Individually rare but collectively common, about one in 10 people in the United States are affected by a rare disease — the same as the percentage of the population diagnosed with diabetes. These conditions are often caused by genetic changes that are difficult to interpret, poorly represented in existing datasets, and understudied in much of the world. Many rare diseases are severe and the large majority have no approved treatment.

Because patient populations are small and scientific understanding is often limited, rare diseases are frequently overlooked by traditional research and drug development models. Families are left navigating fragmented care systems, limited expertise, and long diagnostic odysseys. In 2019 alone, rare diseases cost nearly $1 trillion in the U.S., according to the EveryLife Foundation for Rare Diseases — a staggering burden for families already carrying immense emotional and physical strain.

While common diseases involve hundreds of interacting genes and environmental factors, rare diseases often begin with one disrupted gene. By focusing on those small genetic disruptions, researchers can trace disease mechanisms with precision to understand how specific genes influence health.

This approach has already transformed medicine. Rare mutations in the PCSK9 gene, for example, led to the development of cholesterol-lowering drugs now used by millions. Discoveries that begin in rare disease research ripple outward into treatments for common conditions like heart disease, cancer, diabetes, and neurodegenerative disorders.

A rare disease may only affect a small group of people, but rare disease research can accelerate progress for everyone.

A rare lens at JAX

The cornerstone of JAX’s rare disease research is the Rare Disease Translational Center (RDTC), which partners directly with families, clinicians, and foundations to translate genetic discoveries into potential therapies. The RDTC employs an efficient pipeline to  engineer precision cell and mouse models that mirror human rare diseases, allowing researchers to study disease mechanisms and test cutting-edge treatments in systems that closely reflect patient biology. With in-house therapeutic development programs encompassing gene replacement, gene editing, and ASO strategies, the RDTC is poised to support patients with rare disease throughout the preclinical space.

To date, the dedicated research at the RDTC has led to more than 80 research programs, creating more than 70 novel disease models, and collaborating with more than 60 families and foundations to find treatments for these devastating diseases.

But rare disease research at JAX extends beyond one center. Across its campuses and labs, scientists study genetic variation, disease modifiers, resilience, and biological pathways that shape how disease develops and why people with the same mutation can experience vastly different outcomes.

In the video below, Nadia Rosenthal, scientific director at JAX, talks about why studying rare disease can offer such valuable insights on the larger human condition.
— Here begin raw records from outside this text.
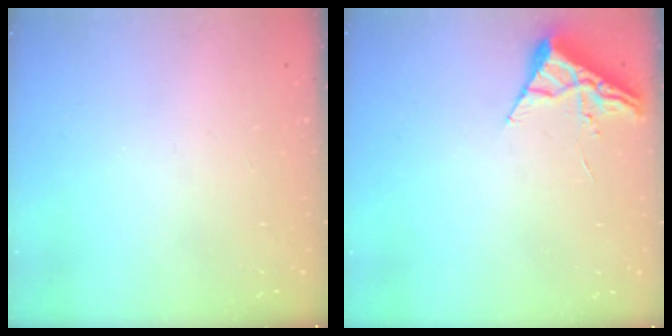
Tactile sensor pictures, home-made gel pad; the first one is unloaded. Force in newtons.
{"total": 3.7, "press": 3.6, "slide": 0.5}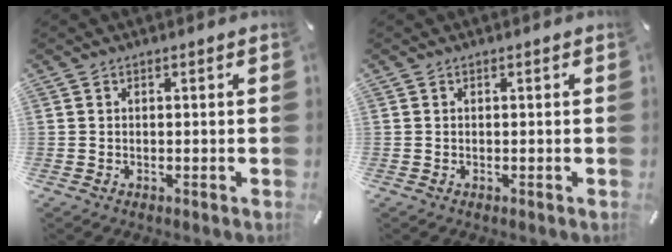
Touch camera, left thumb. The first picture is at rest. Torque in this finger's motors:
{"motor_torque": [0.00, 0.00, 0.01, -0.01, 0.00]}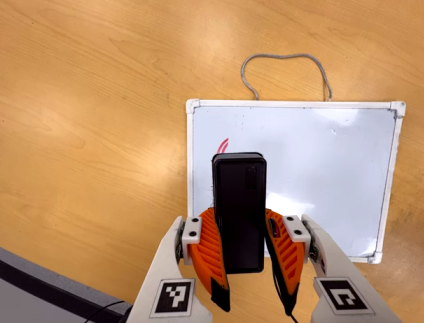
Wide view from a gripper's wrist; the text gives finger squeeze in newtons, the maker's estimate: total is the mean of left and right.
{"total": 9.1, "left": 8.0, "right": 10.2}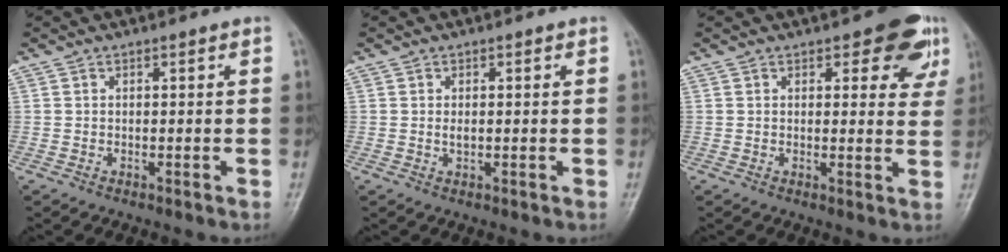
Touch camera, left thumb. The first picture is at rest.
{"total": 1.1, "force": [0.1, 0.7, 0.9], "torque": [-0.012, -0.001, 0.001]}
{"total": 8.1, "force": [4.5, 3.8, 5.5], "torque": [-0.024, -0.015, 0.049]}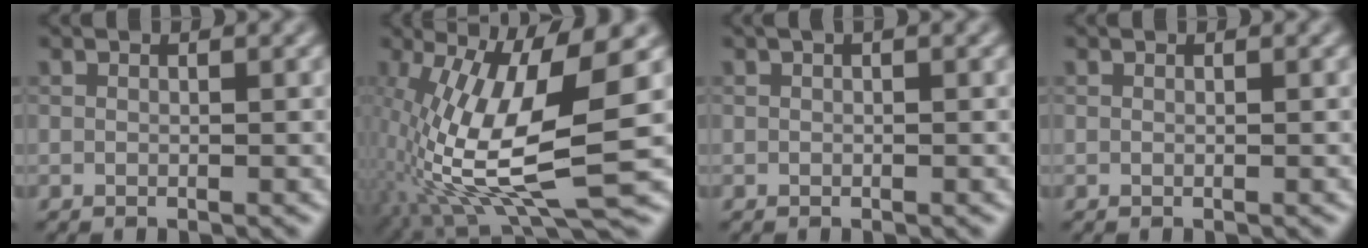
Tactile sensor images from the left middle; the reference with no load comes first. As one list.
[{"total": 12.2, "force": [-1.9, 3.2, 11.6], "torque": [-0.241, -0.008, -0.030]}, {"total": 0.9, "force": [0.3, 0.1, 0.8], "torque": [-0.015, 0.004, 0.002]}, {"total": 0.0}]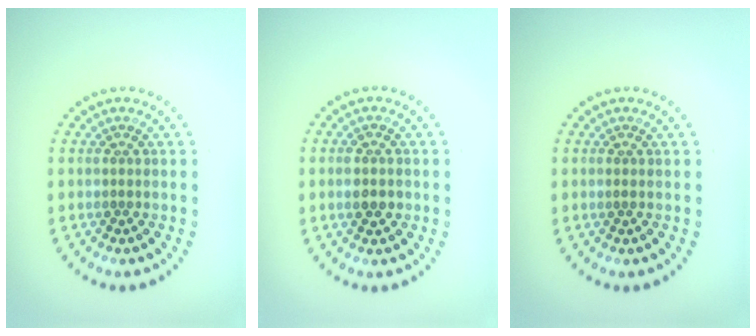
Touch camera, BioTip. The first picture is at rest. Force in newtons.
{"total": 2.0, "press": 2.0, "slide": 0.2}
{"total": 0.5, "press": 0.4, "slide": 0.4}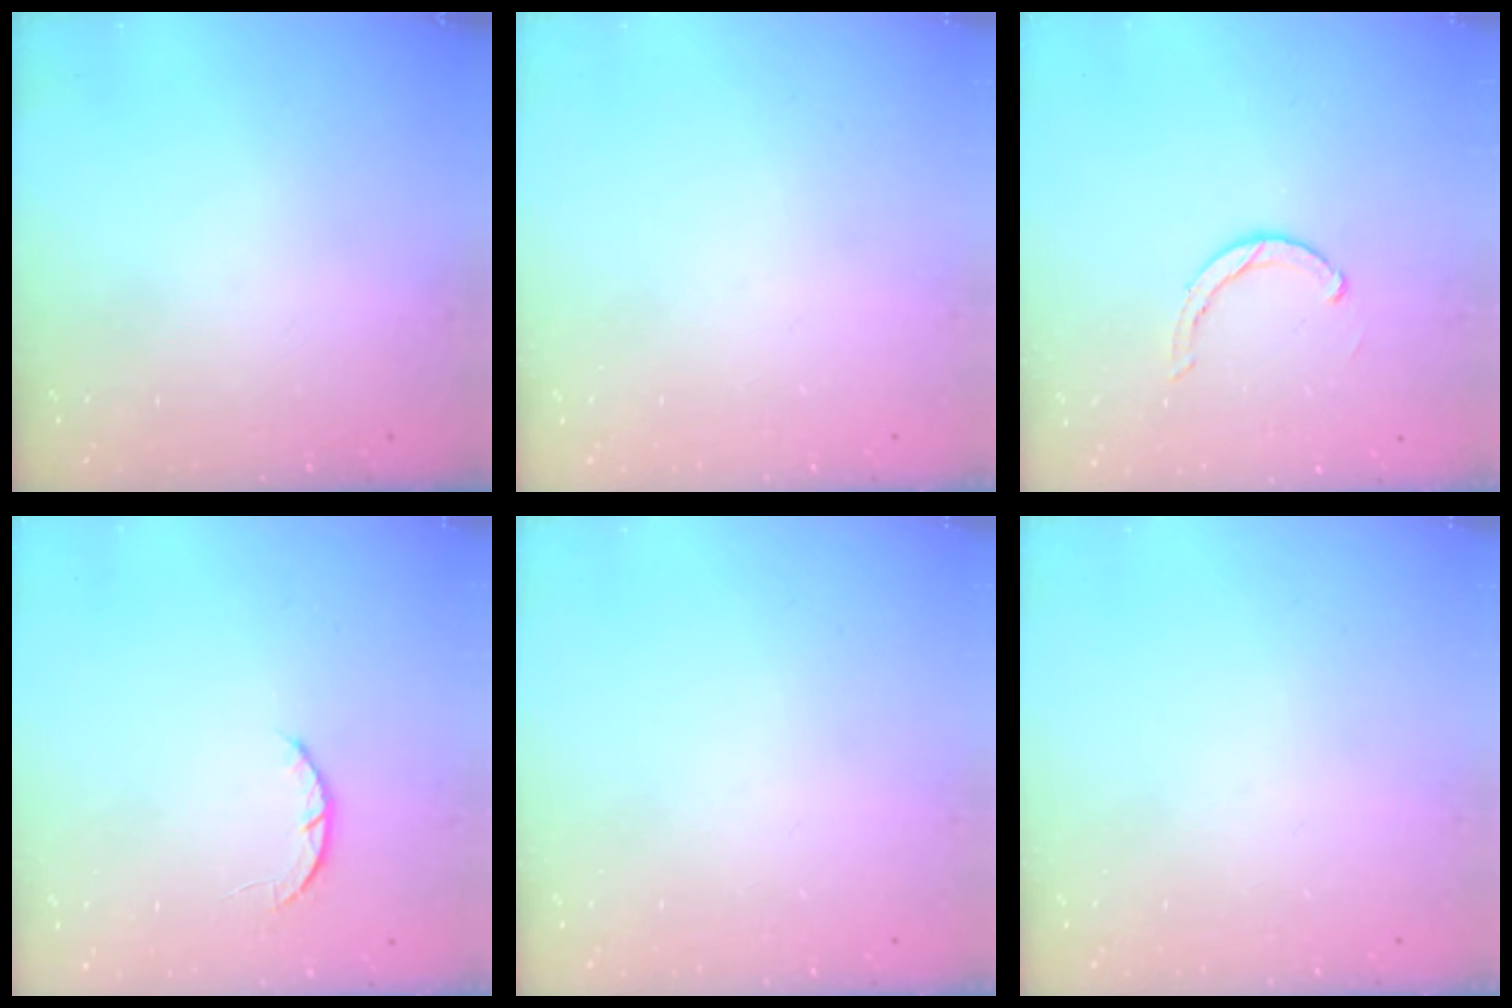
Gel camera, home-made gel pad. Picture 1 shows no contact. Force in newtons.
{"total": 0.0}
{"total": 2.8, "press": 2.8, "slide": 0.2}
{"total": 2.6, "press": 2.5, "slide": 0.4}
{"total": 0.0}
{"total": 0.0}

While rare diseases have traditionally received less attention and funding, Rosenthal argues that they should be prioritized not just for the sake of patients with these conditions, but because they offer unparalleled insight into how human biology and disease really work.

“Rare diseases often give us a clear window into the fundamental workings of biology, and what we see through that window can tell us about much more widespread conditions,” she says.